Category: Uncategorized
Blog Post 6: Data Collection (Percy) (New)
Trout Lake
To collect my field data I returned the following day, on August 6, 2018 to collect the number of species and number of crayfish I found in each trap. I was discouraged again to find that I had caught no crayfish, although, there were some other species in the trap that I recorded for accuracy as well. The only pattern that seems to be evident is that the temperature of the water, somewhat warm, seems to mean as of right now that crayfish do not enjoy this environment, however, it is very possible that they just didn’t come out that night. In order to eliminate the unknown, it was important to sample this location on 2 different occasions. Unfortunately, the replicates resulted in relatively the same data.
Lake Nipissing
To collect my field data I returned the following day, August 7, 2018 to collect the number of species and number of crayfish I found in each trap. In traps 1-4, there were no other species in the trap, nor were there any crayfish. However, in Trap 5, one that I placed a little closer to the rocks and vegetation, I caught my first crayfish! I was very excited as it looked like the species I was aiming to catch, Orconectes propinquus, as it is supposed to be very common in Northern Ontario freshwater lakes. I measured this crayfish to compare its length to the crayfish found in Trout Lake,. In regards to replicates, I also sampled this location on two different occasions. Unfortunately, no crayfish or any other species were caught. This information made me reflect on my hypothesis, as I was so sure I would catch at least 3 or 4 crayfish in Lake Nipissing as it is known for its shallow, warmer waters where crayfish thrive. Perhaps it was the way I sampled and the locations that I chose that determined the results? Although these thoughts were going through my mind, fisherman Joe confirmed he has used those traps before in this specific area and have caught many crayfish over the past few months, therefore it really could have been the temperature of the water, time of day, temperature of the air, or any other environmental factor that influenced the results.

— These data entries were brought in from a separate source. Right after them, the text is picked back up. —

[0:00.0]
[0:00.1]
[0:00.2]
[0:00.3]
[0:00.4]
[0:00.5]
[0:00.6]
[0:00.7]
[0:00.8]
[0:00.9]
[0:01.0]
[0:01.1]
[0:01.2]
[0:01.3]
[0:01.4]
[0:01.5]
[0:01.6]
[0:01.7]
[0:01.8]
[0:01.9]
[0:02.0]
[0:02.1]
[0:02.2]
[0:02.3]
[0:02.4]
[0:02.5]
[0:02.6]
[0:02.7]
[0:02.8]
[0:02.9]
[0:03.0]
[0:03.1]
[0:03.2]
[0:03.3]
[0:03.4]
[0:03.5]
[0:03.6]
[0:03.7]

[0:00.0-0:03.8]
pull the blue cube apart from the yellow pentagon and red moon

Blog Post 5: Design Reflections (Percy) (New)
The collection of the initial data was difficult to say the least. In the beginning, I had created my own traps after watching a few YouTube tutorials. To implement this sampling technique, I needed 5 minnow traps, each costing around $20-$25 each, which was not in my budget so I made them myself. After putting the traps in their locations, I returned the following day and found them sitting in the bush outside of the water. Trying to find a location where pedestrians would not have easy access to was probably the most difficult part of setting up the experiment, as it took 3 days and 2 tries of putting my homemade traps out to realize that they weren’t the best way to catch crayfish. After having them out the second time and returning to only 3 traps, I decided I had to modify my approach by speaking to a real fisherman and buying the minnow traps. Thankfully, Joe the fisherman was kind enough to lend me 5 traps and give me some pointers on where to put them. This time, instead of bread, I used dead minnows as bait for the crayfish and kept the traps in areas of the lake that were rich in vegetation, rocks, and mud. I strongly believed this would have a significant impact on my research.

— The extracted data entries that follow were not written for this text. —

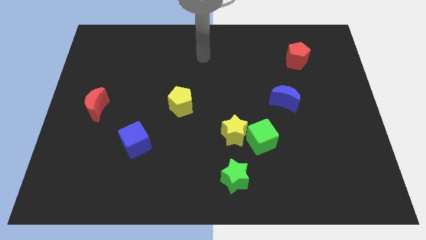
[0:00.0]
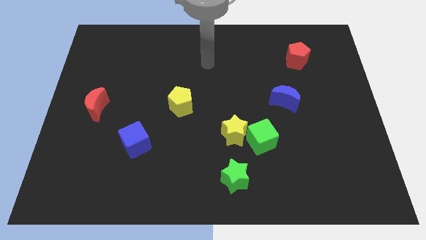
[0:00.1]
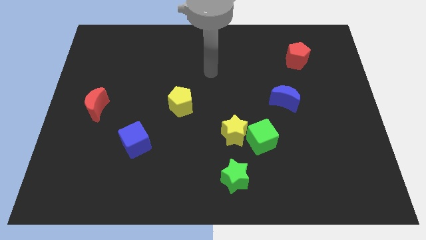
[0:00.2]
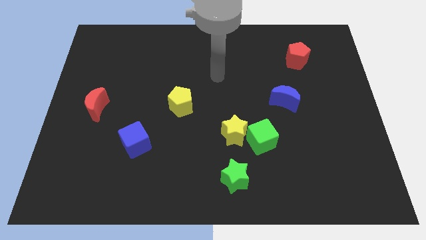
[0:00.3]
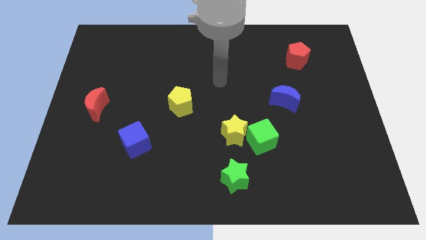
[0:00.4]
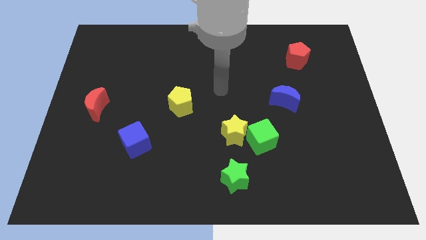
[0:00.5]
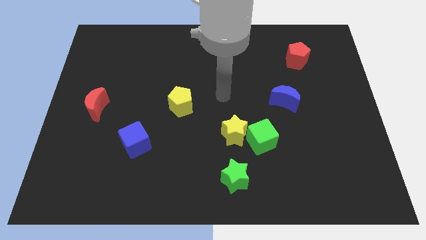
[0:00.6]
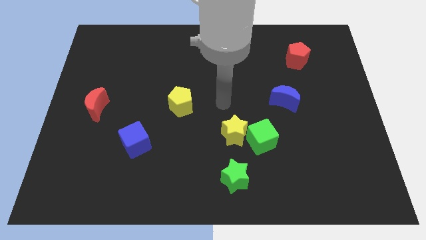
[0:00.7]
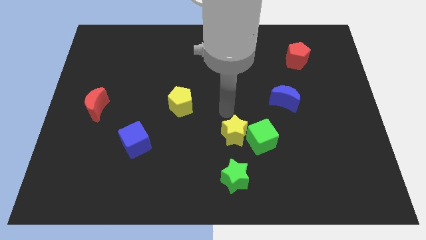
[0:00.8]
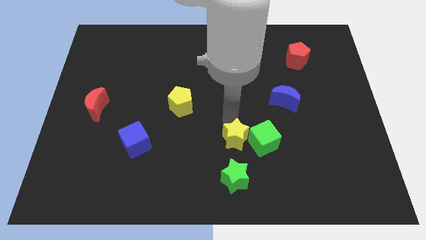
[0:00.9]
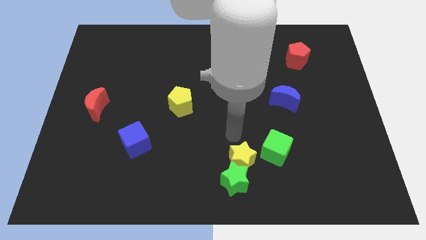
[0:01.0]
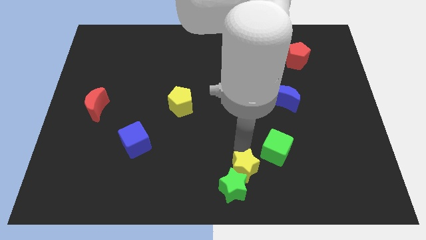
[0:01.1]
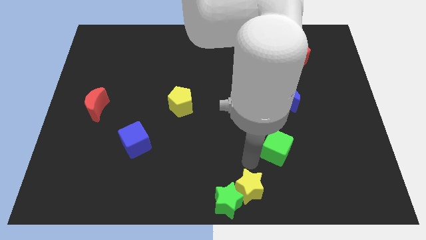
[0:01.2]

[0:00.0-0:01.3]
separate the green cube from the yellow star

Blog Post 3: Ongoing Field Observations (Percy) (New Project)
DAY 1: August 5, 2018
Trout Lake
To identify the specific locations of interest it was important for me to research to understand where it is likely for me to catch Orconectes propinquus in North Bay, Ontario. After trying to research online for answers, I thought it would be more useful to speak to someone who catches crayfish and other species on a daily basis. Joe is a fisherman who owns a bait shop in North Bay, just along Lake Nipissing. At this point, I had already created my own crayfish traps using plastic bottles, fishing line, rope, and a piece of bread. The previous day, I had put these traps out in 5 different locations along the shoreline of Trout Lake, recorded the temperature of the water, air, time of day, etc., and returned to check out what I had caught. Unfortunately, my homemade traps were taken out of the water by pedestrians and left in the bush. I emptied those traps, put a new piece of bread in, and tossed them back into the water for another night while I tried to figure out how I was going to catch the crayfish without spending too much money on minnow traps.

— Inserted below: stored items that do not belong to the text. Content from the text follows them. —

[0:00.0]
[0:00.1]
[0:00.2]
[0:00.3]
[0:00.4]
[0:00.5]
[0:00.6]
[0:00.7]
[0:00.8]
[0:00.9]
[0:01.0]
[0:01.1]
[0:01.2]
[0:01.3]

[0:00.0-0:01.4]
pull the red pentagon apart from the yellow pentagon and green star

While those traps stayed in the water over night, Joe the fisherman was kind enough to lend me 5 minnow traps, some rope, and dead minnows for the crayfish to eat. He informed me that he usually catches them closer to the dock, where there is more vegetation and the crayfish can hide. Around 11:15am, 21 degrees Celcius outside, and an average surface temperature of water of 18.12 degrees Celcius, I put out the traps in the 5 random locations along the gradient (some vegetation, some rocks, sand/mud, etc.).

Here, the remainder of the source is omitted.